IL CAMMINO DEL CIECO. Al contrario dei dottori, «il cammino del cieco invece è un percorso a tappe, che parte dalla conoscenza del nome di Gesù», ha notato il Papa. «Non conosce altro di Lui; infatti dice: “L’uomo che si chiama Gesù ha fatto del fango, me lo ha spalmato sugli occhi” (v. 11). A seguito delle incalzanti domande dei dottori della legge, lo considera dapprima un profeta (v. 17) e poi un uomo vicino a Dio (v. 31)». «Dopo che è stato allontanato dal tempio, escluso dalla società, Gesù lo trova di nuovo e gli “apre gli occhi” per la seconda volta, rivelandogli la propria identità: ”Io sono il Messia”, così gli dice. A questo punto colui che era stato cieco esclama: “Credo, Signore!” (v. 38), e si prostra davanti a Gesù». Per il Papa,  «questo è un brano del Vangelo che fa vedere il dramma della cecità interiore di tanta gente, anche la nostra perché noi alcune volte abbiamo momenti di cecità interiore».

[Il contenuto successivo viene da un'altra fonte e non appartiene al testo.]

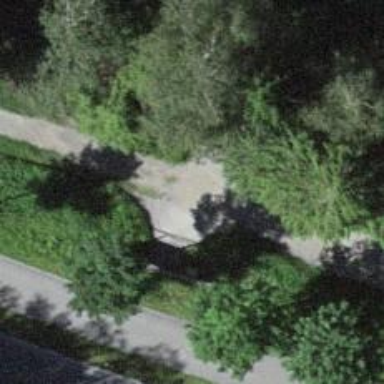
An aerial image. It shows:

NOSTRA VITA COME QUELLA DEL CIECO. «La nostra vita a volte è simile a quella del cieco che si è aperto alla luce, che si è aperto a Dio, che si è aperto alla sua grazia», ha affermato il Pontefice. «A volte purtroppo è un po’ come quella dei dottori della legge: dall’alto del nostro orgoglio giudichiamo gli altri, e perfino il Signore!». Per questo, ha spiegato il Papa, «siamo invitati ad aprirci alla luce di Cristo per portare frutto nella nostra vita, per eliminare i comportamenti che non sono cristiani; tutti noi siamo cristiani, ma tutti noi, tutti, alcune volte abbiamo comportamenti non cristiani, comportamenti che sono peccati».  «Dobbiamo pentirci di questo – ha continuato Francesco –  eliminare questi comportamenti per camminare decisamente sulla via della santità».

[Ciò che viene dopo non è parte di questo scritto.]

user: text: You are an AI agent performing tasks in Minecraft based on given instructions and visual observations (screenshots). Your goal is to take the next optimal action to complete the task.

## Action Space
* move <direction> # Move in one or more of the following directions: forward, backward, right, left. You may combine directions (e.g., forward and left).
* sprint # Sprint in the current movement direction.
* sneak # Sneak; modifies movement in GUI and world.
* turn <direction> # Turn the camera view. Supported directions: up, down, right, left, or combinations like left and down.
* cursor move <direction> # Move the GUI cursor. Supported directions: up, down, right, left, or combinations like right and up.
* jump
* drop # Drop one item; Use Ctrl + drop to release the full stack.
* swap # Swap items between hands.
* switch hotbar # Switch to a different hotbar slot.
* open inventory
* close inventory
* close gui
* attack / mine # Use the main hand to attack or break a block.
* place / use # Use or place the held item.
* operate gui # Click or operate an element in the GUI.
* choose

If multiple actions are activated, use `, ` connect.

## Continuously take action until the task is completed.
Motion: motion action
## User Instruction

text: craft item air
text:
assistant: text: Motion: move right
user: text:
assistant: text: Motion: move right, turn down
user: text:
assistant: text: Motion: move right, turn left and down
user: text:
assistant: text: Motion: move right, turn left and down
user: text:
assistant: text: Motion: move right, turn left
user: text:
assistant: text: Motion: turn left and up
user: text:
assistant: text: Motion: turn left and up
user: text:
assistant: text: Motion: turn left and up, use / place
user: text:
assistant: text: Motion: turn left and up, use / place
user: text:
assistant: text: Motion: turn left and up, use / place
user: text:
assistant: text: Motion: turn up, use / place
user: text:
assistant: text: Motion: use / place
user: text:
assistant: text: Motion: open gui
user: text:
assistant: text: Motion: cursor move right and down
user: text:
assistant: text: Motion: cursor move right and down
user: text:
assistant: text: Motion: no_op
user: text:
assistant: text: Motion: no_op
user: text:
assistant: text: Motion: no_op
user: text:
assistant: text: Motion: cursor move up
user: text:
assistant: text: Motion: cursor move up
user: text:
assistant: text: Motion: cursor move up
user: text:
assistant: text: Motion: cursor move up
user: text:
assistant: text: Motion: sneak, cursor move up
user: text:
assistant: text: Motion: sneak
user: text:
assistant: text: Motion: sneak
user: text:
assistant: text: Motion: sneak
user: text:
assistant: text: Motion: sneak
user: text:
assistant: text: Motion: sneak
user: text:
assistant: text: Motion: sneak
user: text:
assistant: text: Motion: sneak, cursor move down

COMPORTIAMOCI COME FIGLI DELLA LUCE. Il Papa ha ricordato che «siamo stati “illuminati” da Cristo nel Battesimo, affinché, come ci ricorda san Paolo, possiamo comportarci come “figli della luce” (Ef 5,8), con umiltà, pazienza, misericordia». A differenza dunque dei dottori della legge che« non avevano né umiltà, né pazienza, né misericordia! ». Il Papa ha suggerito questa lettura del Vangelo di Giovanni. «Vi farà bene, perché così vedrete questa strada dalla cecità alla luce e l’altra strada cattiva verso una più profonda cecità». «Domandiamoci: come è il nostro cuore? Ho un cuore aperto o un cuore chiuso? Aperto o chiuso verso Dio? Aperto o chiuso verso il prossimo? Sempre abbiamo in noi qualche chiusura nata dal peccato, dagli sbagli, dagli errori», ha osservato il Papa. «Non dobbiamo avere paura! », ha proseguito, «apriamoci alla luce del Signore, Lui ci aspetta sempre per farci vedere meglio, per darci più luce, per perdonarci. «Non dimentichiamo questo! Alla Vergine Maria – ha concluso Francesco – affidiamo il cammino quaresimale, perché anche noi, come il cieco guarito, con la grazia di Cristo possiamo “venire alla luce”, andare più avanti verso la luce e rinascere a una vita nuova».